Entries shown:
----

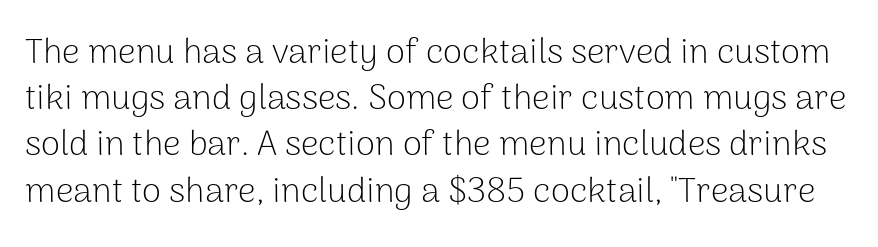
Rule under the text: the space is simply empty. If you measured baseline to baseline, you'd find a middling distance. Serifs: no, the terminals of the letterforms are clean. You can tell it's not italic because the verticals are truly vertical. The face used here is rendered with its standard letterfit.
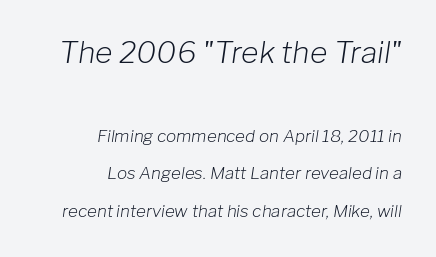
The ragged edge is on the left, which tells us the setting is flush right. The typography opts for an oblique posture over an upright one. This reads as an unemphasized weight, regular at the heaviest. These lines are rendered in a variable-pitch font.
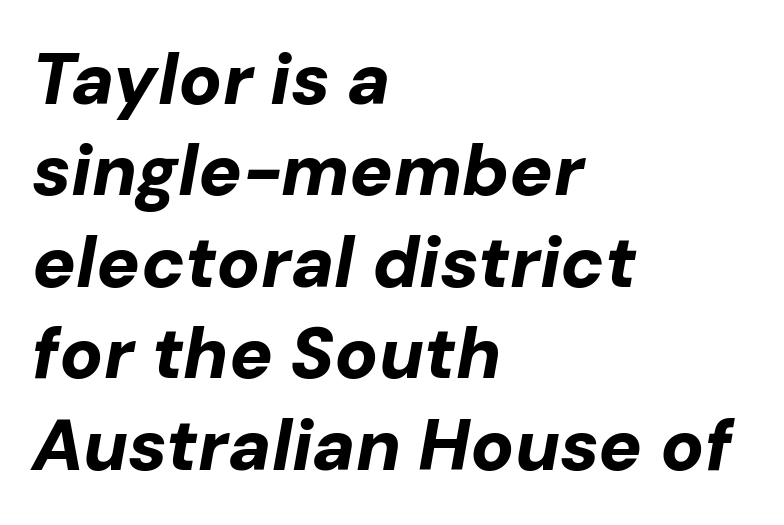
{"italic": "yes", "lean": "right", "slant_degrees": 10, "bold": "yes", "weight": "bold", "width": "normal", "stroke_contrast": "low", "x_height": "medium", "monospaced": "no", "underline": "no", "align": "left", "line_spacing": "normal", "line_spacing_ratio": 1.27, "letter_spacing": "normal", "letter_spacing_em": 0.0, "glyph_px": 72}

----

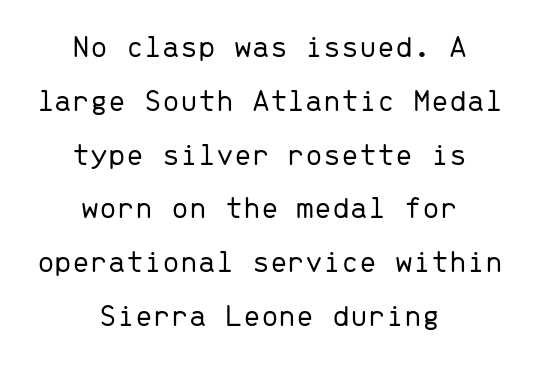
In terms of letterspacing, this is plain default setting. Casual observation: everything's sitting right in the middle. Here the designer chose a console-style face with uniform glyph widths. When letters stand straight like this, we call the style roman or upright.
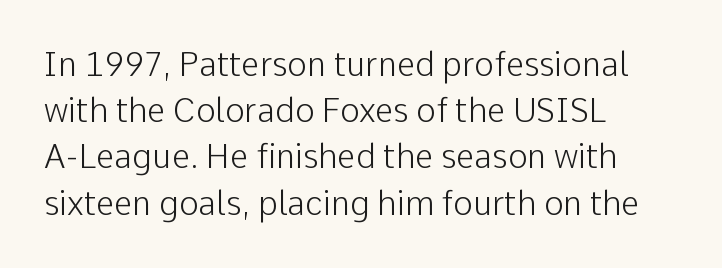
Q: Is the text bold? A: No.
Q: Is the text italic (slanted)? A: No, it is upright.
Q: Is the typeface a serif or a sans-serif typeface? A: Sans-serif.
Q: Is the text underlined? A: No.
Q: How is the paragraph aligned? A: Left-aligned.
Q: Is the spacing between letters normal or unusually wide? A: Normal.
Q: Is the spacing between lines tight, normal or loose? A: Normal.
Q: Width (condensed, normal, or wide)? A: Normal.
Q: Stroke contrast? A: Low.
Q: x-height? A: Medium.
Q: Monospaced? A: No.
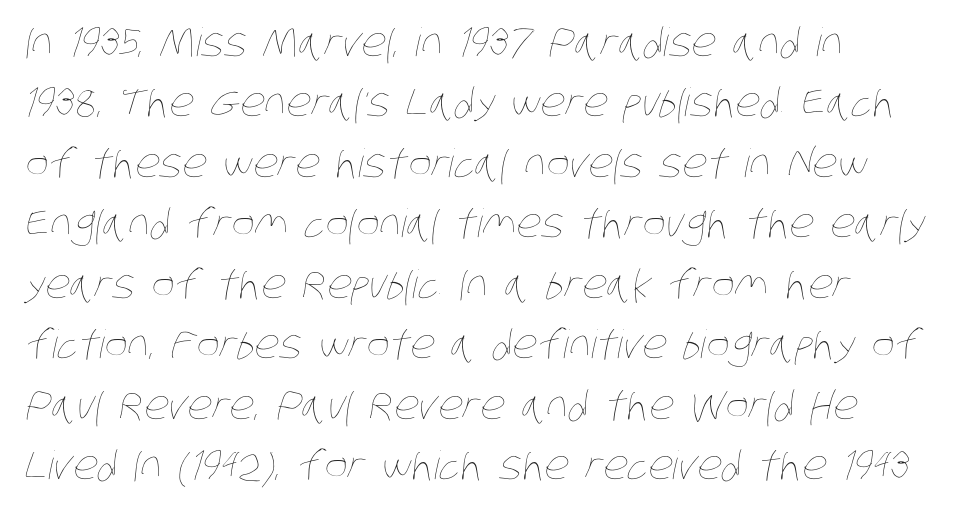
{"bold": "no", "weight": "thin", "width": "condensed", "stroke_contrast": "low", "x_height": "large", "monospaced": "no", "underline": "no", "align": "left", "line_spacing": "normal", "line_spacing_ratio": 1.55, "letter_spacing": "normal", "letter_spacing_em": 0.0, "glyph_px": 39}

----

Task goal:
What is needed is each line from the records with the word "letters" in it.

Solution below:
In terms of letterspacing, this is plain default setting. Casual observation: everything's sitting right in the middle. Here the designer chose a console-style face with uniform glyph widths. When letters stand straight like this, we call the style roman or upright.
Q: Is the spacing between letters normal or unusually wide? A: Normal.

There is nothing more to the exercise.